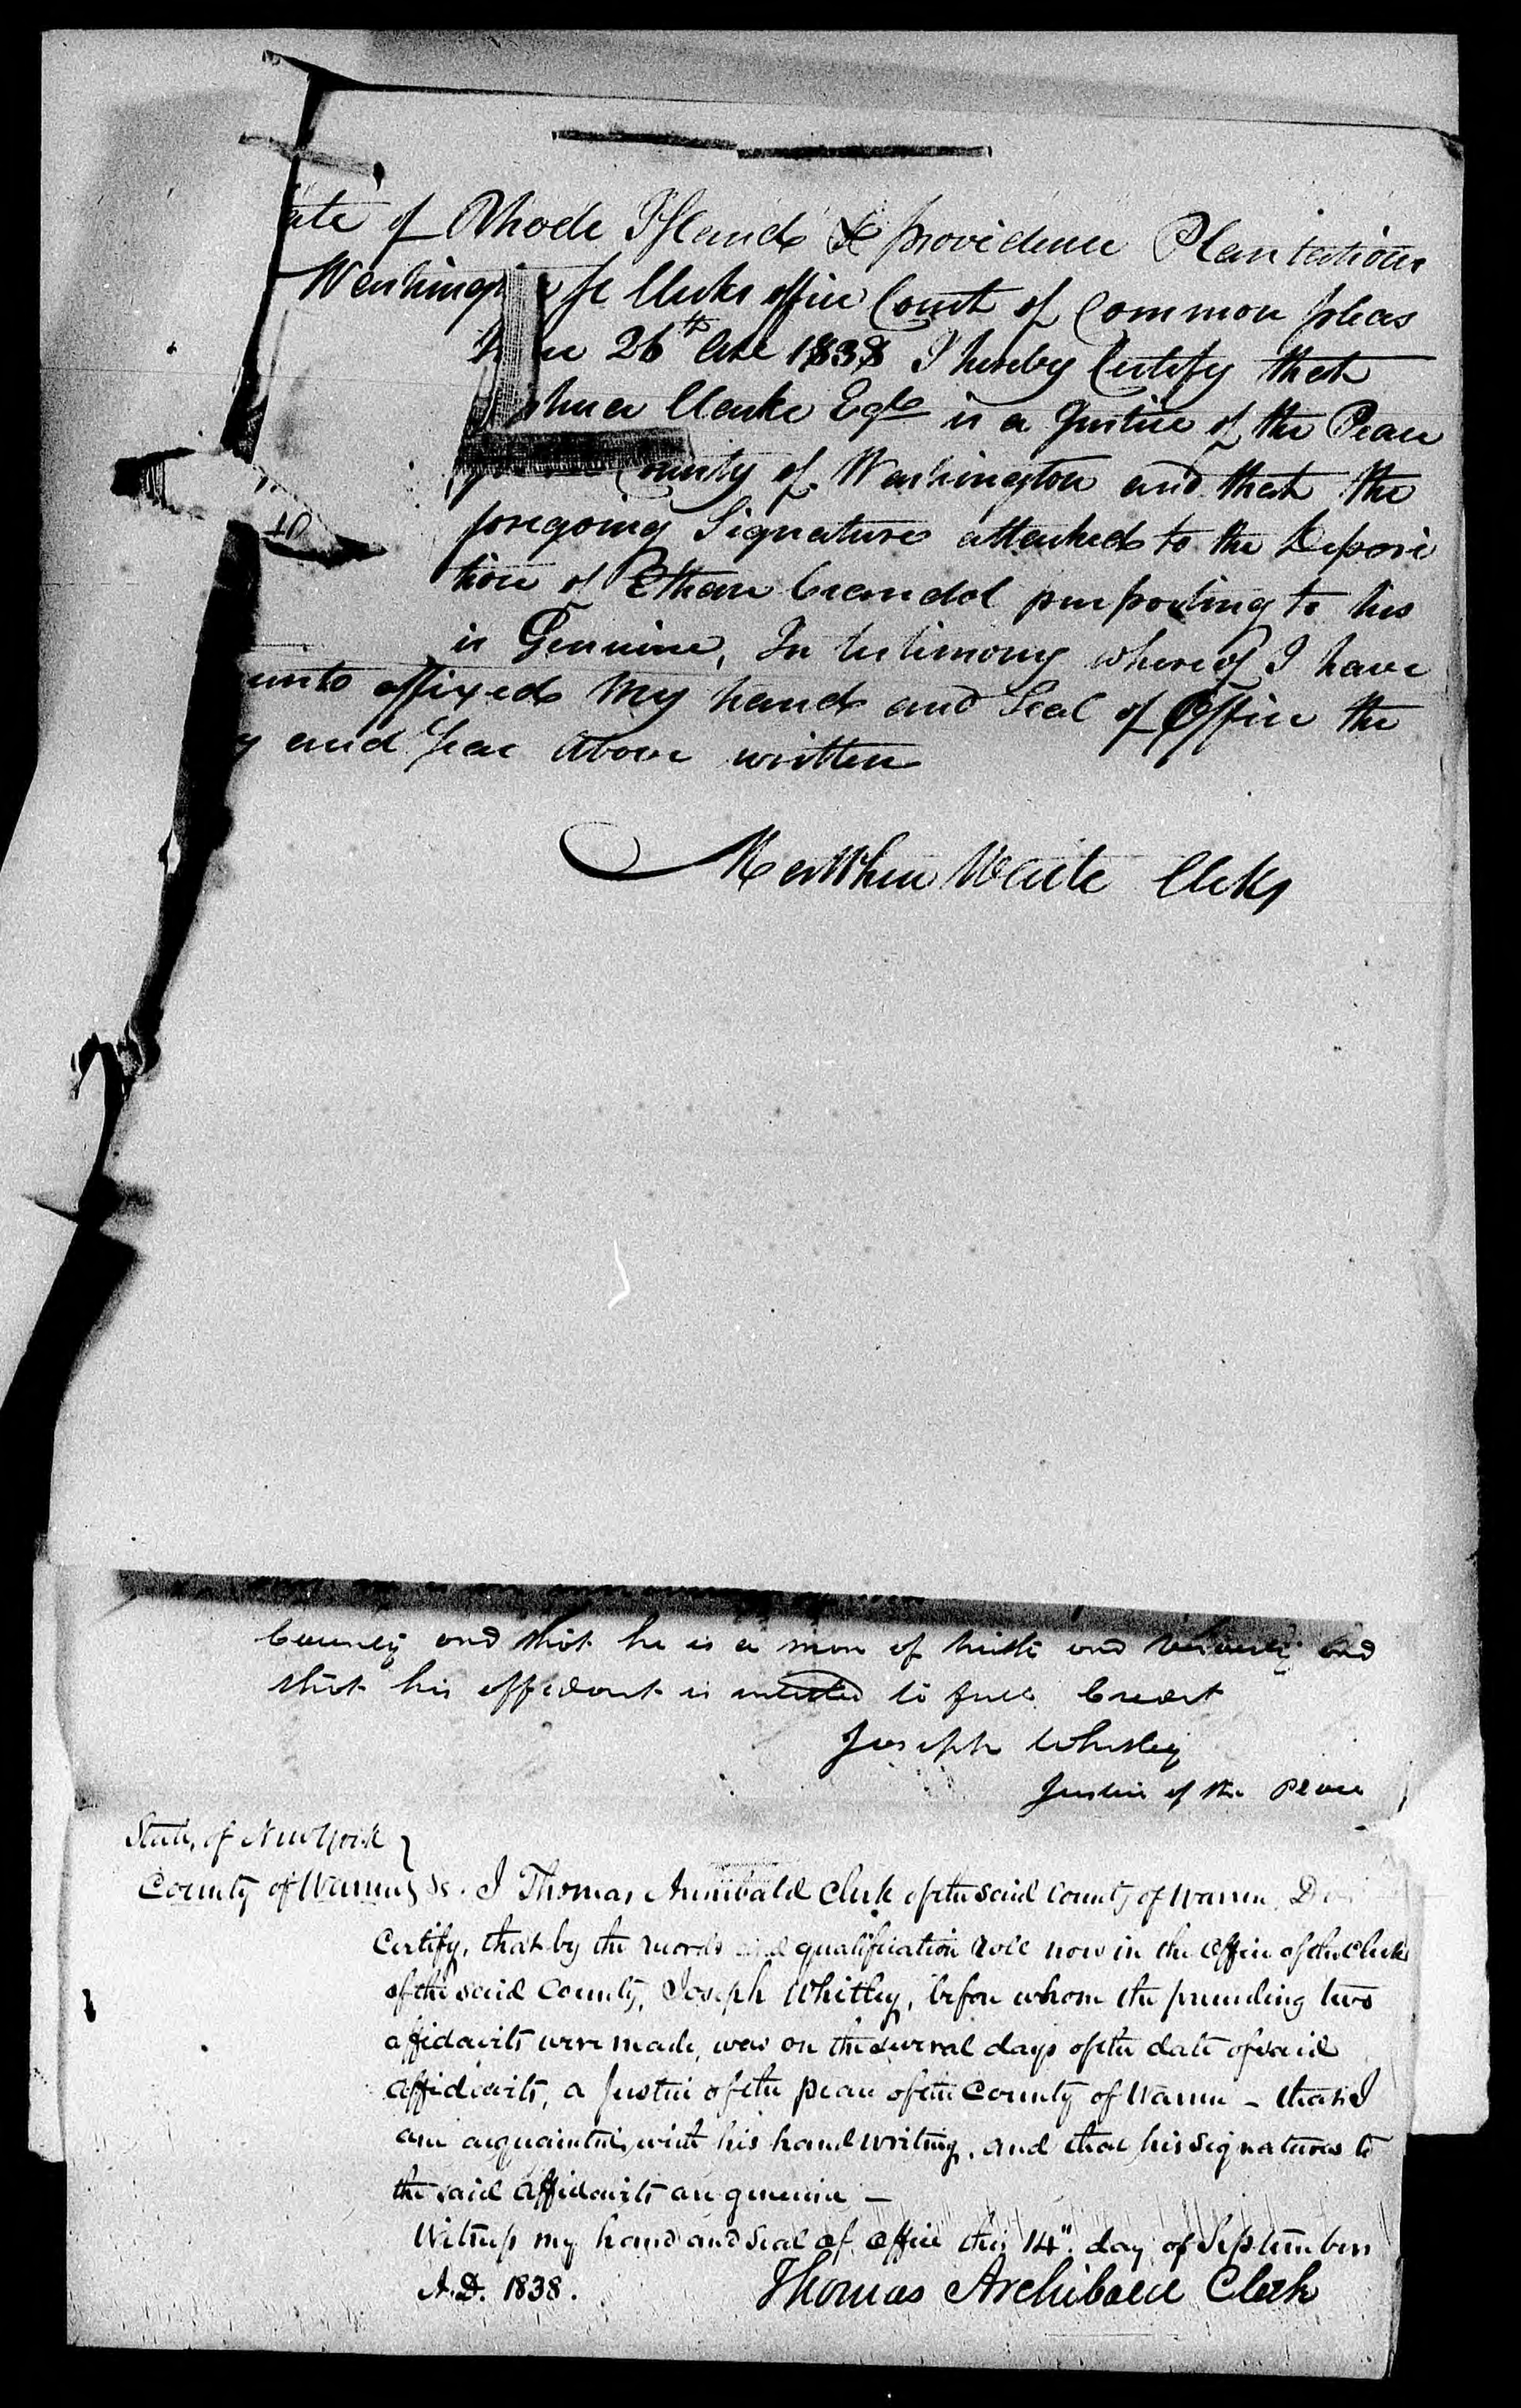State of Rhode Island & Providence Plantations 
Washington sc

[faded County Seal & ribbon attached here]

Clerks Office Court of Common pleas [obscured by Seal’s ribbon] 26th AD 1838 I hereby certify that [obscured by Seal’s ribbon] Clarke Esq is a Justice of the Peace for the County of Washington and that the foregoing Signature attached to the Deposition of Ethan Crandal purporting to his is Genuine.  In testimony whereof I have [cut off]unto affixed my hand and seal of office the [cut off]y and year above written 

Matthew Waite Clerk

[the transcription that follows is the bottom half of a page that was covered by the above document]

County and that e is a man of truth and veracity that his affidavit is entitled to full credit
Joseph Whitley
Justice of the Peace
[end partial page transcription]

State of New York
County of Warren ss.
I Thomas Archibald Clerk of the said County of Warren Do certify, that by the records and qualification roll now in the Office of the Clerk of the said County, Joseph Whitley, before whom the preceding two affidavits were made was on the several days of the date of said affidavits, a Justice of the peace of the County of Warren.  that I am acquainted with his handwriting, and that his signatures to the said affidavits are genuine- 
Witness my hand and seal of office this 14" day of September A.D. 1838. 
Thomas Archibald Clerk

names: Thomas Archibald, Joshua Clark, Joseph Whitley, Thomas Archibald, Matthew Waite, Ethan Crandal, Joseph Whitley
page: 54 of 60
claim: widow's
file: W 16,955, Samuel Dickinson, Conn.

○ ○ ○ ○ ○ ○ ○

» **ASSIGNMENT**
Repeat the entries exactly as they are given, leaving out each image.

» **FINISHED TASK**
State of Rhode Island & Providence Plantations 
Washington sc

[faded County Seal & ribbon attached here]

Clerks Office Court of Common pleas [obscured by Seal’s ribbon] 26th AD 1838 I hereby certify that [obscured by Seal’s ribbon] Clarke Esq is a Justice of the Peace for the County of Washington and that the foregoing Signature attached to the Deposition of Ethan Crandal purporting to his is Genuine.  In testimony whereof I have [cut off]unto affixed my hand and seal of office the [cut off]y and year above written 

Matthew Waite Clerk

[the transcription that follows is the bottom half of a page that was covered by the above document]

County and that e is a man of truth and veracity that his affidavit is entitled to full credit
Joseph Whitley
Justice of the Peace
[end partial page transcription]

State of New York
County of Warren ss.
I Thomas Archibald Clerk of the said County of Warren Do certify, that by the records and qualification roll now in the Office of the Clerk of the said County, Joseph Whitley, before whom the preceding two affidavits were made was on the several days of the date of said affidavits, a Justice of the peace of the County of Warren.  that I am acquainted with his handwriting, and that his signatures to the said affidavits are genuine- 
Witness my hand and seal of office this 14" day of September A.D. 1838. 
Thomas Archibald Clerk

names: Thomas Archibald, Joshua Clark, Joseph Whitley, Thomas Archibald, Matthew Waite, Ethan Crandal, Joseph Whitley
page: 54 of 60
claim: widow's
file: W 16,955, Samuel Dickinson, Conn.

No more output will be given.